══ EXTRACTED DATA

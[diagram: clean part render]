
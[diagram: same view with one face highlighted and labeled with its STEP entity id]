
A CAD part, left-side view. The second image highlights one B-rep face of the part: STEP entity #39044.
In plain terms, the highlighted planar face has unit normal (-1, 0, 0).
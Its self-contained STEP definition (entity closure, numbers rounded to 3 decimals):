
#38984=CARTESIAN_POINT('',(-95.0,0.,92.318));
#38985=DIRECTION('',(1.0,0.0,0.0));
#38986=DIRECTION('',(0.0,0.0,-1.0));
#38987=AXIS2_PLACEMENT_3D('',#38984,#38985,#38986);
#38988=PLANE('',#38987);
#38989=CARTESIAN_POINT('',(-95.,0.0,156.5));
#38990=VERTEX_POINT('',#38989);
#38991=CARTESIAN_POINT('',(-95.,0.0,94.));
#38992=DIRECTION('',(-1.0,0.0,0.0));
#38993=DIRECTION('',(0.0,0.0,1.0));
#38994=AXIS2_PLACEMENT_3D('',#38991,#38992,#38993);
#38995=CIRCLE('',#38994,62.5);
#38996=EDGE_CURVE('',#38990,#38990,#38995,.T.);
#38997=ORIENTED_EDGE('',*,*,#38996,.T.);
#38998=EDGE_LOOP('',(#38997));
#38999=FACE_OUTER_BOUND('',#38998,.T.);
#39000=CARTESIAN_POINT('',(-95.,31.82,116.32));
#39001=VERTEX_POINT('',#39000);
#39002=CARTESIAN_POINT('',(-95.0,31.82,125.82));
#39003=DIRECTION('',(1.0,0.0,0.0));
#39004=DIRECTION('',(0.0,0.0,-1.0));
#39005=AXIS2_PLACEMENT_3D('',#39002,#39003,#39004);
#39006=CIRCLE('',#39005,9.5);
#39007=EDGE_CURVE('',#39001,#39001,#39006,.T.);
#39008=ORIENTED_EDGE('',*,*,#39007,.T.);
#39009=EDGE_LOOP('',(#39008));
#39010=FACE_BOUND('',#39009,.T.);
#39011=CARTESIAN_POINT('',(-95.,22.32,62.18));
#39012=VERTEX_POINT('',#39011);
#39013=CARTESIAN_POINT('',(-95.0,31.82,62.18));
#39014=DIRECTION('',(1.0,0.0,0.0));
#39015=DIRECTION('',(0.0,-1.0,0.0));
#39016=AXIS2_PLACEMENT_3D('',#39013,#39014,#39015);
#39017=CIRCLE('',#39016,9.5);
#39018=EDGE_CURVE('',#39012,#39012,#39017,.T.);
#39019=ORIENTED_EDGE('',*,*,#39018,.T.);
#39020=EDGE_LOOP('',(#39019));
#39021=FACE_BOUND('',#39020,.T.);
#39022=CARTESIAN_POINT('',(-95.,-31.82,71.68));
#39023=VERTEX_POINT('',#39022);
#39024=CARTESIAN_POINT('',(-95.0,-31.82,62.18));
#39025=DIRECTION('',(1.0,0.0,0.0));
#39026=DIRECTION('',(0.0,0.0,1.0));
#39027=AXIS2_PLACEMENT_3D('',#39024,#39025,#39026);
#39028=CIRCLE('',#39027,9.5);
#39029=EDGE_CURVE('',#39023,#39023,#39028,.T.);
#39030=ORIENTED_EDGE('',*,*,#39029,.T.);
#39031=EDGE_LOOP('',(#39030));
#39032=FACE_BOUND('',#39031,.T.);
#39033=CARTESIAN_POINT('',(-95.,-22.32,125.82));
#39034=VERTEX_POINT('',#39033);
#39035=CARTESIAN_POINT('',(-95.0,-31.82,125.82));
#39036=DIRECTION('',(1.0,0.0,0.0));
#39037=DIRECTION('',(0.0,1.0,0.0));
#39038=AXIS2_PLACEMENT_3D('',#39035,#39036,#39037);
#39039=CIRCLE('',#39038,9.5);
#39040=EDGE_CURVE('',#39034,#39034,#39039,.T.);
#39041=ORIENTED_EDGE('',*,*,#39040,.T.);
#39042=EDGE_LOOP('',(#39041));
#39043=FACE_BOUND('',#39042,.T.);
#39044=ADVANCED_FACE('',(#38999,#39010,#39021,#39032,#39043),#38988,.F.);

════

— WHAT IS BEING ASKED —
Once you have read the data, copy all of it out exactly.

— EXERCISE ANSWER —
[diagram: clean part render]
[diagram: same view with one face highlighted and labeled with its STEP entity id]
A CAD part, left-side view. The second image highlights one B-rep face of the part: STEP entity #39044.
In plain terms, the highlighted planar face has unit normal (-1, 0, 0).
Its self-contained STEP definition (entity closure, numbers rounded to 3 decimals):
#38984=CARTESIAN_POINT('',(-95.0,0.,92.318));
#38985=DIRECTION('',(1.0,0.0,0.0));
#38986=DIRECTION('',(0.0,0.0,-1.0));
#38987=AXIS2_PLACEMENT_3D('',#38984,#38985,#38986);
#38988=PLANE('',#38987);
#38989=CARTESIAN_POINT('',(-95.,0.0,156.5));
#38990=VERTEX_POINT('',#38989);
#38991=CARTESIAN_POINT('',(-95.,0.0,94.));
#38992=DIRECTION('',(-1.0,0.0,0.0));
#38993=DIRECTION('',(0.0,0.0,1.0));
#38994=AXIS2_PLACEMENT_3D('',#38991,#38992,#38993);
#38995=CIRCLE('',#38994,62.5);
#38996=EDGE_CURVE('',#38990,#38990,#38995,.T.);
#38997=ORIENTED_EDGE('',*,*,#38996,.T.);
#38998=EDGE_LOOP('',(#38997));
#38999=FACE_OUTER_BOUND('',#38998,.T.);
#39000=CARTESIAN_POINT('',(-95.,31.82,116.32));
#39001=VERTEX_POINT('',#39000);
#39002=CARTESIAN_POINT('',(-95.0,31.82,125.82));
#39003=DIRECTION('',(1.0,0.0,0.0));
#39004=DIRECTION('',(0.0,0.0,-1.0));
#39005=AXIS2_PLACEMENT_3D('',#39002,#39003,#39004);
#39006=CIRCLE('',#39005,9.5);
#39007=EDGE_CURVE('',#39001,#39001,#39006,.T.);
#39008=ORIENTED_EDGE('',*,*,#39007,.T.);
#39009=EDGE_LOOP('',(#39008));
#39010=FACE_BOUND('',#39009,.T.);
#39011=CARTESIAN_POINT('',(-95.,22.32,62.18));
#39012=VERTEX_POINT('',#39011);
#39013=CARTESIAN_POINT('',(-95.0,31.82,62.18));
#39014=DIRECTION('',(1.0,0.0,0.0));
#39015=DIRECTION('',(0.0,-1.0,0.0));
#39016=AXIS2_PLACEMENT_3D('',#39013,#39014,#39015);
#39017=CIRCLE('',#39016,9.5);
#39018=EDGE_CURVE('',#39012,#39012,#39017,.T.);
#39019=ORIENTED_EDGE('',*,*,#39018,.T.);
#39020=EDGE_LOOP('',(#39019));
#39021=FACE_BOUND('',#39020,.T.);
#39022=CARTESIAN_POINT('',(-95.,-31.82,71.68));
#39023=VERTEX_POINT('',#39022);
#39024=CARTESIAN_POINT('',(-95.0,-31.82,62.18));
#39025=DIRECTION('',(1.0,0.0,0.0));
#39026=DIRECTION('',(0.0,0.0,1.0));
#39027=AXIS2_PLACEMENT_3D('',#39024,#39025,#39026);
#39028=CIRCLE('',#39027,9.5);
#39029=EDGE_CURVE('',#39023,#39023,#39028,.T.);
#39030=ORIENTED_EDGE('',*,*,#39029,.T.);
#39031=EDGE_LOOP('',(#39030));
#39032=FACE_BOUND('',#39031,.T.);
#39033=CARTESIAN_POINT('',(-95.,-22.32,125.82));
#39034=VERTEX_POINT('',#39033);
#39035=CARTESIAN_POINT('',(-95.0,-31.82,125.82));
#39036=DIRECTION('',(1.0,0.0,0.0));
#39037=DIRECTION('',(0.0,1.0,0.0));
#39038=AXIS2_PLACEMENT_3D('',#39035,#39036,#39037);
#39039=CIRCLE('',#39038,9.5);
#39040=EDGE_CURVE('',#39034,#39034,#39039,.T.);
#39041=ORIENTED_EDGE('',*,*,#39040,.T.);
#39042=EDGE_LOOP('',(#39041));
#39043=FACE_BOUND('',#39042,.T.);
#39044=ADVANCED_FACE('',(#38999,#39010,#39021,#39032,#39043),#38988,.F.);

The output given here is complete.